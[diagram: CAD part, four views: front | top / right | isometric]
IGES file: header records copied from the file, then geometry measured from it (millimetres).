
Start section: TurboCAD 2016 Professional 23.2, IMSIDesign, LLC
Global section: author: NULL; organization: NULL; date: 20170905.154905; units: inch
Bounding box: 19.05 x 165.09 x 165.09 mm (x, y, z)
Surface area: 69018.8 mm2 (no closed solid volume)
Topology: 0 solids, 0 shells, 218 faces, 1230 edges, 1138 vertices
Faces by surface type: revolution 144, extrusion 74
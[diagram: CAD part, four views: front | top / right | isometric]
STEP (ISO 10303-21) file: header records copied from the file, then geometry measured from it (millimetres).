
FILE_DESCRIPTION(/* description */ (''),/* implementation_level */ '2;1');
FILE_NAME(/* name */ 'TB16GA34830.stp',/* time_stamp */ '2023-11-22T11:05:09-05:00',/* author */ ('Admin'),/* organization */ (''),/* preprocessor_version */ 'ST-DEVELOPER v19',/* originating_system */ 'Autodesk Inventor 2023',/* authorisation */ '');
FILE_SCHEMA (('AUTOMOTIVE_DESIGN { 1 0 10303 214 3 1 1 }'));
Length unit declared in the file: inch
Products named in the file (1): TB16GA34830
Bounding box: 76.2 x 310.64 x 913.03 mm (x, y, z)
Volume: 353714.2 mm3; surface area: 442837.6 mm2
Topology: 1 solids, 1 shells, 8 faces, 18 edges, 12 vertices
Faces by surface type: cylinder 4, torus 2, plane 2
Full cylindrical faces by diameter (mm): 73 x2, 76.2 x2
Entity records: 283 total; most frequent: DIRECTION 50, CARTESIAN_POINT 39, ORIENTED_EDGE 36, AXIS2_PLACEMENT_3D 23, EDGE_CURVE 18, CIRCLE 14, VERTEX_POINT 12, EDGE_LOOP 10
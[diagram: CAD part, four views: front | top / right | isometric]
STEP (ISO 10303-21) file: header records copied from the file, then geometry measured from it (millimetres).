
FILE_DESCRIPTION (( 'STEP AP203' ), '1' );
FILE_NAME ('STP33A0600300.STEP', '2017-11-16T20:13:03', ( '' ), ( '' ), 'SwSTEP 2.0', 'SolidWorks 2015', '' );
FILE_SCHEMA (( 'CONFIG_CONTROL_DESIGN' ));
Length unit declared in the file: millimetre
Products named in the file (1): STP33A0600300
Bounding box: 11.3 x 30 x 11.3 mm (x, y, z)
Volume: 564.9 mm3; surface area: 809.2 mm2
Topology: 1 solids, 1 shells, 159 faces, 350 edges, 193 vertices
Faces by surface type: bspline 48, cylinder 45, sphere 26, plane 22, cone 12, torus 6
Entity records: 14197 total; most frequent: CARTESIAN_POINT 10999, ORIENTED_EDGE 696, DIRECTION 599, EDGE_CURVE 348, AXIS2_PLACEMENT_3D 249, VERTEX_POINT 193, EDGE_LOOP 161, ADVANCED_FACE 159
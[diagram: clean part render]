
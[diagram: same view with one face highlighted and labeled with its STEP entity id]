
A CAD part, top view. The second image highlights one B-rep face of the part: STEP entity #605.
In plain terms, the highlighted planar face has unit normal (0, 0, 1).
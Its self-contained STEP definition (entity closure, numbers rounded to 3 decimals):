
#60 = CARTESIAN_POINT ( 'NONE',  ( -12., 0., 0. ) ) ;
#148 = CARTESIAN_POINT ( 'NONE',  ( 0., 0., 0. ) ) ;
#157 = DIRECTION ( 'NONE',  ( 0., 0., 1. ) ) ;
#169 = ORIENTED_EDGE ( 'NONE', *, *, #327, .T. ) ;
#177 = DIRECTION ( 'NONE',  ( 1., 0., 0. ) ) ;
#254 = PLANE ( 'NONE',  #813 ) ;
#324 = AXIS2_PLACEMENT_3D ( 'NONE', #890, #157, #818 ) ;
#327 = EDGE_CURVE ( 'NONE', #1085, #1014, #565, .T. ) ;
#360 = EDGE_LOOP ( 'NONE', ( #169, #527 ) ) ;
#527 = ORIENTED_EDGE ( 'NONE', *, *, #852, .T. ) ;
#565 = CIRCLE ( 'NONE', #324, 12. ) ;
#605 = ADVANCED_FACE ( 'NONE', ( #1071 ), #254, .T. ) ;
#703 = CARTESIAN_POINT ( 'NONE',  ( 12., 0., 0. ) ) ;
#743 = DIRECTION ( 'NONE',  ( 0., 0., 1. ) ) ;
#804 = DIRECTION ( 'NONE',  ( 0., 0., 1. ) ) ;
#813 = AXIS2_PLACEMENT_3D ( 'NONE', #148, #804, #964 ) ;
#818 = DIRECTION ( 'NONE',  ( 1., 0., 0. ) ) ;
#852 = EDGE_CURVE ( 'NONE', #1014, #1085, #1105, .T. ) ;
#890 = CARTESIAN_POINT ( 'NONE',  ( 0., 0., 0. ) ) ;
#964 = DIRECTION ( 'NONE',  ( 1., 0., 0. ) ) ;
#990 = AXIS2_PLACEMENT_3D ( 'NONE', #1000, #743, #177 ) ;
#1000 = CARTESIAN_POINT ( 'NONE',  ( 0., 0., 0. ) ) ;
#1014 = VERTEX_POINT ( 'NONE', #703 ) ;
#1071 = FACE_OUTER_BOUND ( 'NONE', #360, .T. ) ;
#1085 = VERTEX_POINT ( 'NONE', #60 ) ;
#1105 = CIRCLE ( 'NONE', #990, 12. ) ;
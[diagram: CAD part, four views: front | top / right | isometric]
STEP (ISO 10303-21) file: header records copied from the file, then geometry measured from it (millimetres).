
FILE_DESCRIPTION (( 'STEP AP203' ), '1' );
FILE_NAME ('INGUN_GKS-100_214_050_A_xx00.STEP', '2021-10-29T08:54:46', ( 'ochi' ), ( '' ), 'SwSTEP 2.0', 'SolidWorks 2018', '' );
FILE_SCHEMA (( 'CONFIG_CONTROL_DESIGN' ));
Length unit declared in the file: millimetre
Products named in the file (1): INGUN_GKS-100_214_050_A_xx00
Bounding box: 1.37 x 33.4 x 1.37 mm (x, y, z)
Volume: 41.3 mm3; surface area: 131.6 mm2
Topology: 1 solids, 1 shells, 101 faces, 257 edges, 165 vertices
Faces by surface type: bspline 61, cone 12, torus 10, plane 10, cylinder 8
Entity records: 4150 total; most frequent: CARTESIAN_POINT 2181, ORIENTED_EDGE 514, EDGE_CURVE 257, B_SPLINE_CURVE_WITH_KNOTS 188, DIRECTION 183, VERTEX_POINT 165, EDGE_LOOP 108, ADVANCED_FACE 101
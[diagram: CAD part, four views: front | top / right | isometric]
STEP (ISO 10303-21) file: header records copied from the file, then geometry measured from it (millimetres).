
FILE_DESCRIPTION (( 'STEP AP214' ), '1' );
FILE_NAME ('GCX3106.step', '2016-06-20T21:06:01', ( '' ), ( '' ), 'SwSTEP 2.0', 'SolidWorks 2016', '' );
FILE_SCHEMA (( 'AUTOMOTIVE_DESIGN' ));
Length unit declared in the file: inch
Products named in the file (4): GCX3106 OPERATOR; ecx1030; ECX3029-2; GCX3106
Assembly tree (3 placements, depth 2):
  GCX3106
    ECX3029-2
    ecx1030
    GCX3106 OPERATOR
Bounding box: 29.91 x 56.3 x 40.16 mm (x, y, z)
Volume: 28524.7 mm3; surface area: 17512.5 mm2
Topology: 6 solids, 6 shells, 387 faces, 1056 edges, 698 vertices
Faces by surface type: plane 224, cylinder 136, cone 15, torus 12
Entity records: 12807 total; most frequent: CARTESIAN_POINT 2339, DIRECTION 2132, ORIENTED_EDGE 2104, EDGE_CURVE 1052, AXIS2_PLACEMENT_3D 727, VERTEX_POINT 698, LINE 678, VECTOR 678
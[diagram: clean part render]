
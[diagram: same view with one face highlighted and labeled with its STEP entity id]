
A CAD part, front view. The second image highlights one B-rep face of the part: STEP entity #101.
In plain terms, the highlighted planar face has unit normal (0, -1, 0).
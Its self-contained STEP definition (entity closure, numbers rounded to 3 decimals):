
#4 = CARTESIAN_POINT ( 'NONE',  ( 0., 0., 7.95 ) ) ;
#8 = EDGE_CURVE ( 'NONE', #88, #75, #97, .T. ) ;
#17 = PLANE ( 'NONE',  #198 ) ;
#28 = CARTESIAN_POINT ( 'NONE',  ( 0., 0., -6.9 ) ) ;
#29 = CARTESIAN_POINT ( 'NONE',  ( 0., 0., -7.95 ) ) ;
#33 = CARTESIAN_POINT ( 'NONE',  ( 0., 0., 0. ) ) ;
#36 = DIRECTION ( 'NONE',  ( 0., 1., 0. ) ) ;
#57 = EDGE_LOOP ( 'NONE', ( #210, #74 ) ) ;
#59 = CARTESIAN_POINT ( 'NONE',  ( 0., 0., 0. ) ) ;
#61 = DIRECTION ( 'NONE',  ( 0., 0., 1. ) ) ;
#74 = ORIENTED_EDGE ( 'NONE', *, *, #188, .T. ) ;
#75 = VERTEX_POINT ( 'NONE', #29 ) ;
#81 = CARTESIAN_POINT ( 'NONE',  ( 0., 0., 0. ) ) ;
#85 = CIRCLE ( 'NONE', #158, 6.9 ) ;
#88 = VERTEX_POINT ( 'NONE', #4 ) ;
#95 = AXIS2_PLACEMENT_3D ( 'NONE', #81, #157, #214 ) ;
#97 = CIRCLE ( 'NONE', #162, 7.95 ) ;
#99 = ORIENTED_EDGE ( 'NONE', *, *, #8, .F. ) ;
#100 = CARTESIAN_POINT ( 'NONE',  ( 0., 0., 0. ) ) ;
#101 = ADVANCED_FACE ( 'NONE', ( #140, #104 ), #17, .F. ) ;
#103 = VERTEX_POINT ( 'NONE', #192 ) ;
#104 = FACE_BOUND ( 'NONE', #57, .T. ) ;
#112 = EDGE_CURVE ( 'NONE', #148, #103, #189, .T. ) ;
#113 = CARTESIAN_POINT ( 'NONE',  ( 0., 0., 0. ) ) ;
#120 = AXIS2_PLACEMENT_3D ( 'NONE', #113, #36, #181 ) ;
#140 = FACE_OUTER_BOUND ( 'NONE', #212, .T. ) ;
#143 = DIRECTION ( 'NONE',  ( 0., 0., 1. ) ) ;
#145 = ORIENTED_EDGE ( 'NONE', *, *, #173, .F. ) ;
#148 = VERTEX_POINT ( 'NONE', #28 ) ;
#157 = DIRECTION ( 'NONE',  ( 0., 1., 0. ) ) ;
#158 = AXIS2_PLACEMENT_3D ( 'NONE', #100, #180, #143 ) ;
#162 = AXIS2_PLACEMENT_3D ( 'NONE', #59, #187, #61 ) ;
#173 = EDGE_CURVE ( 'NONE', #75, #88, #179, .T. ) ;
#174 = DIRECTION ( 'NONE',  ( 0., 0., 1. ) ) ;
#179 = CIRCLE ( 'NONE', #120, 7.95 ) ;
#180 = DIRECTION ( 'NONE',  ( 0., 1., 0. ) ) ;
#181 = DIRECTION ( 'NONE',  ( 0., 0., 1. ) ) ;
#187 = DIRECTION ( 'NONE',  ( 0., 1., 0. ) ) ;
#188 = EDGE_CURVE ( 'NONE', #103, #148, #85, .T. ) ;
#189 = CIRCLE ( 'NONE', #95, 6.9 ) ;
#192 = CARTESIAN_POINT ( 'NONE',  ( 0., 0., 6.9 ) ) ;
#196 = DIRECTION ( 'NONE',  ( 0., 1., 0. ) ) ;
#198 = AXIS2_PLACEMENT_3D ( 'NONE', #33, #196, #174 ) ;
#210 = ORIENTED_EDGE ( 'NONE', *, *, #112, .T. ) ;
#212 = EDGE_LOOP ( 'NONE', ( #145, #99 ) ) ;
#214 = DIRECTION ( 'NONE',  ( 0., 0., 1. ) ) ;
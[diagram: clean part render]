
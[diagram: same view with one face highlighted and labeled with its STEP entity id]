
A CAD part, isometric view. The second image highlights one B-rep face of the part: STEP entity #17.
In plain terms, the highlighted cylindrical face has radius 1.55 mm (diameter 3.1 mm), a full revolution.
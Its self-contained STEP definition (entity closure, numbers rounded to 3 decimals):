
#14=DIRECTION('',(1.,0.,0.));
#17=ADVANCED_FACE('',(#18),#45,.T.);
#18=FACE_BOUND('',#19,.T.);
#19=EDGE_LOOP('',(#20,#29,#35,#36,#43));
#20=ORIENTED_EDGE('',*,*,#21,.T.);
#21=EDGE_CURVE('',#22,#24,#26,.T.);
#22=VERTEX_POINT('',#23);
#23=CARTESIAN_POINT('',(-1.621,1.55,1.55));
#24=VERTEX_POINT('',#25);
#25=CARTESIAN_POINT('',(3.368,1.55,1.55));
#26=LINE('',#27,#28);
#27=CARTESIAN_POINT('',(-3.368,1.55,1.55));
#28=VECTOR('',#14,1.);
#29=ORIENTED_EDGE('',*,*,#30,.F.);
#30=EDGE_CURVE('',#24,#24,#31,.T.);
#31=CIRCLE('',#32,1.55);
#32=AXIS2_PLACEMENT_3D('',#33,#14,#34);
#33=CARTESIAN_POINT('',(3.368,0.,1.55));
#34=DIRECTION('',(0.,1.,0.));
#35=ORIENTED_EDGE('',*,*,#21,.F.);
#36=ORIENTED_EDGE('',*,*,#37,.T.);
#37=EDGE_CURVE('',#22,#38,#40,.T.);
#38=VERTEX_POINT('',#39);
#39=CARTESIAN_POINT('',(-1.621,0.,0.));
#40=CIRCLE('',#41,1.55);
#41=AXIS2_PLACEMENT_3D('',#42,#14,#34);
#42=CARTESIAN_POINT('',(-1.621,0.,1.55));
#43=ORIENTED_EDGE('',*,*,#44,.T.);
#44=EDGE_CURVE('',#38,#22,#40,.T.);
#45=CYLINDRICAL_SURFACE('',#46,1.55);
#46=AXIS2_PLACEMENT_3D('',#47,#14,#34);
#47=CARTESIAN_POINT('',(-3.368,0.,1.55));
::::
EXERCISE REQUIREMENTS :: Lines from the start of the records through the one containing "FILE_DESCRIPTION(/* description */" are what should be retyped, exactly and in full, both ends included.

COMPLETED EXERCISE ::
[diagram: CAD part, four views: front | top / right | isometric]
IGES file: header records copied from the file, then geometry measured from it (millimetres).
Start section: TurboCAD 2016 Professional 23.2, IMSIDesign, LLC
Global section: author: NULL; organization: NULL; date: 20170905.154905; units: inch
Bounding box: 19.05 x 165.09 x 165.09 mm (x, y, z)
Surface area: 69018.8 mm2 (no closed solid volume)
Topology: 0 solids, 0 shells, 218 faces, 1230 edges, 1138 vertices
Faces by surface type: revolution 144, extrusion 74
[diagram: CAD part, four views: front | top / right | isometric]
STEP (ISO 10303-21) file: header records copied from the file, then geometry measured from it (millimetres).
FILE_DESCRIPTION(/* description */ (''),/* implementation_level */ '2;1');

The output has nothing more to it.